Ein Ehepaar hatte über viele Jahre eine Wohnung vermietet. Der Mieter wollte zu Gunsten der Eheleute ein Testament errichten. Der Ehemann setzte deshalb im Sommer 2006 handschriftlich den Text des Testaments ohne Datum und Beglaubigungsvermerk auf. Das Testament bestimmte das Ehepaar zu Alleinerben. Gemeinsam mit seinem Mieter begab sich der Ehemann in das Rathaus zum Ortsvorsteher.

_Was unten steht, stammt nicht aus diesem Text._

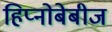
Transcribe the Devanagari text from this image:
हिप्नोबेबीज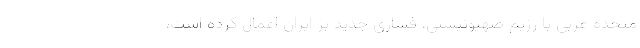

Der Ortsvorsteher wies zwar darauf hin, dass er kein notarielles Testament errichten könne, und auch nicht befugt sei, das Dienstsiegel auf das Testament zu setzen. Anschließend ging er jedoch mit beiden den Text durch und fragte anschließend den Erblasser, ob es so in Ordnung sei. Das bestätigte dieser und änderte lediglich die im Testament aufgeführten unzutreffenden Daten. Anschließend unterschrieb er das Testament. Der Ortsvorsteher bestätigte die Unterschrift und verschloss dann auf eigenen Vorschlag den Umschlag mit dem Dienstsiegel. Er forderte den Erblasser auf, das Testament gut auffindbar zu hinterlegen, und wies ihn darauf hin, dass er das Testament jederzeit ändern könne.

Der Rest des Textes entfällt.